P. What is the key to your success?
R. I am generous. I work for myself, but I also broadcast a lot. I deal a lot with people, on social networks, in exhibitions, in workshops… And I am in contact with educators, I feel that I work for teachers and librarians not for bookstores. They are the ones who really know children’s books, parents don’t have time or don’t care if a book is recent. With teachers and librarians you can build a relationship. And they always need new books! I avoid literary fairs, I don’t sign autographs. What I’m looking for is to generate experiences.
P. You work closely with the creative director and editor, what is your process like?
R. I have always had a very close relationship, great friendships with these figures. They are like translators. I have an idea in mind but I’m not sure if it is understood. It is still new, rare, very fragile. I develop and structure it in a notebook, which is now a public space, open to my editor, my art director (with whom I have worked since my first book) and my son Leo. If they catch it, the idea is no longer so fragile. And together we look for the best way to turn it into something communicable. A text that captivates the reader from the beginning and explains how to get to the end, but in its own way, because my books require a lot of creativity on the part of the reader. To read me, you have to play with me, play with your child. They require complicity.
P. Something that makes his books very universal is that they have no morals.
R. It’s what I liked least about children’s books when I started. I don’t know if they’re still the same now, but they were such nerdy messages: the world is wonderful, be good, rainbows…
P. Although they do not express it, their books do have an underlying message.
R. Of course they have it. My only message is: discover by playing.
P. Now children discover the world through screens.

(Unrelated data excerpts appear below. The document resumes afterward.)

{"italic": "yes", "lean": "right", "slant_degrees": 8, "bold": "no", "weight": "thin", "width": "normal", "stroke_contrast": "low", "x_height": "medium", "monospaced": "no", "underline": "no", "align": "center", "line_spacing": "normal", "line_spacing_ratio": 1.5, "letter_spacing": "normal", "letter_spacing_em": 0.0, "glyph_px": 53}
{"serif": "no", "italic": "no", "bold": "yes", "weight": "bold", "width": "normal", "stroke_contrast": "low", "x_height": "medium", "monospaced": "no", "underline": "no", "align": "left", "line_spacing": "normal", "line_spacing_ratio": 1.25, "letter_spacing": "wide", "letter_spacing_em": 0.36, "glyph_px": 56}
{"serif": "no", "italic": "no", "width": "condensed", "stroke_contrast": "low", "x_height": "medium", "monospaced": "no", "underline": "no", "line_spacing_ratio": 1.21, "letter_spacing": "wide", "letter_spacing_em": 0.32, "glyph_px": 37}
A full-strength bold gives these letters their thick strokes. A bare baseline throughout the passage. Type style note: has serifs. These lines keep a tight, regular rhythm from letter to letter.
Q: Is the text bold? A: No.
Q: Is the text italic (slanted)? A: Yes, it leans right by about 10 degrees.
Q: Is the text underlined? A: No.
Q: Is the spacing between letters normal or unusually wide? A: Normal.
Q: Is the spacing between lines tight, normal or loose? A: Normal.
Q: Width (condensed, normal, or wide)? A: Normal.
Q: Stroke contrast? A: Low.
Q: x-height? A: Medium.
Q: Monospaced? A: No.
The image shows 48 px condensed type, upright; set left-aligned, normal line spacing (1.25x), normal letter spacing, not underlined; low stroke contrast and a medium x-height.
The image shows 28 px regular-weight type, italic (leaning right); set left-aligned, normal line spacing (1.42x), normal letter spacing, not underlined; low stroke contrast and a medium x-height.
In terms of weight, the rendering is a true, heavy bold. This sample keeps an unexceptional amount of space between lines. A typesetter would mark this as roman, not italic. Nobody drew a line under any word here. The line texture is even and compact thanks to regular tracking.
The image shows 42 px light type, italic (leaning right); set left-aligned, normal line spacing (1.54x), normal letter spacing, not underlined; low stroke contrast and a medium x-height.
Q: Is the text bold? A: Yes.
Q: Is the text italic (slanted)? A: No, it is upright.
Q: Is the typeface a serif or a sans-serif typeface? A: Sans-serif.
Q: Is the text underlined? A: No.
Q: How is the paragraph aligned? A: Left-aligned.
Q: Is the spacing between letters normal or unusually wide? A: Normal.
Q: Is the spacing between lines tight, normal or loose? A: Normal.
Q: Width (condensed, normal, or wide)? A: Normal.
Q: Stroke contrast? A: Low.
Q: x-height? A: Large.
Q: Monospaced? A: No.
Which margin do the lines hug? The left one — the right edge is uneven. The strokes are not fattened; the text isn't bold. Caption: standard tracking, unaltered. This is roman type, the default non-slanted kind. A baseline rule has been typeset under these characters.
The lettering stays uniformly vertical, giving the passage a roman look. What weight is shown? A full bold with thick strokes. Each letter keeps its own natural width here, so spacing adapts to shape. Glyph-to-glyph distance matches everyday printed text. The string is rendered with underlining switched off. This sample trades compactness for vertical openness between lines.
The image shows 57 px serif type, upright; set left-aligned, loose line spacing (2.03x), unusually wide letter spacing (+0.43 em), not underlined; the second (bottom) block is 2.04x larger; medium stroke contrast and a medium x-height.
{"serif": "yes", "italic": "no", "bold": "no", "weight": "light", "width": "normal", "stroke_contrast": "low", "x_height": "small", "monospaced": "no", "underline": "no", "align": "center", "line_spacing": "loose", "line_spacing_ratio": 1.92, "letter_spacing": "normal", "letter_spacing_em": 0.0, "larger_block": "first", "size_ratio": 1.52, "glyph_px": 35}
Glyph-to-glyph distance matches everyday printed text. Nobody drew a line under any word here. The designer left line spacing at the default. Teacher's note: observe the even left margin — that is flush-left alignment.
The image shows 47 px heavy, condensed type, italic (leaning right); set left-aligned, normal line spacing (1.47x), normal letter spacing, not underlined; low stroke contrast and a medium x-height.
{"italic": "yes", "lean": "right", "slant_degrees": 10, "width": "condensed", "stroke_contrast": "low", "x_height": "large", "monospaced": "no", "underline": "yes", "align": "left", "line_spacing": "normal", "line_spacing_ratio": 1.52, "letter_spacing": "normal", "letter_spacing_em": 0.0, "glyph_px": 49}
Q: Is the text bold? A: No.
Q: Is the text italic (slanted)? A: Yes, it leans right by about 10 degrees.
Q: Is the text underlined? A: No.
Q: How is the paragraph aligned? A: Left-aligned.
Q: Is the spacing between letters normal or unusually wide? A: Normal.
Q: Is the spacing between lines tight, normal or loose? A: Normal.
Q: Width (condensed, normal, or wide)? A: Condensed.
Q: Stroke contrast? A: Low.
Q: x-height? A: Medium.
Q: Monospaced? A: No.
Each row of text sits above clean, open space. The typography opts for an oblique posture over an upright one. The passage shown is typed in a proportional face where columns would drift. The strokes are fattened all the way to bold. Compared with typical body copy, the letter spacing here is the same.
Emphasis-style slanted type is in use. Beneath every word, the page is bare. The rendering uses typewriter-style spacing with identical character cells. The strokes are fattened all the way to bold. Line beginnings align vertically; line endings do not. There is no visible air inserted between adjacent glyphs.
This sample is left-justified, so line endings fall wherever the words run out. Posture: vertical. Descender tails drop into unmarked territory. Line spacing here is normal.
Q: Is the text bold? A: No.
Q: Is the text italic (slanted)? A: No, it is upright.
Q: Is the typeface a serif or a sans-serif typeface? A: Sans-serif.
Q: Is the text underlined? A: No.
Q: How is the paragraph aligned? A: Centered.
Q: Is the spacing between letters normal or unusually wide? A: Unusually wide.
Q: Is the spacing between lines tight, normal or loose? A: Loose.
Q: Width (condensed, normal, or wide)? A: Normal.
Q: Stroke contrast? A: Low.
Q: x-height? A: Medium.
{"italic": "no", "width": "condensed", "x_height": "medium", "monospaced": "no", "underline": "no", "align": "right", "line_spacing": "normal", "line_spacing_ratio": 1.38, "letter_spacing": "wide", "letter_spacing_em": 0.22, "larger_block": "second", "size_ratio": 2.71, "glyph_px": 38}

R. Already. I broke down when Trump won. The current ignorance is terrible and that ignorance is legitimized through the screens. And for good reason: culture has become inaccessible and there is this channel to rebel, to say “fuck you.” People have no hope, nor do they know anything, nor do they want to know. And when nothing matters, “fuck you” triumphs. At the same time, for me, social media is fantastic, I get tons of good messages. I interact with my followers, with words, drawings, projects. It is a community with a life of its own, because I am not a guru. But it’s exciting to bring so many people into contact through my work. Because I play a lot and I don’t have a clear message, but it is serious work, what I say is important.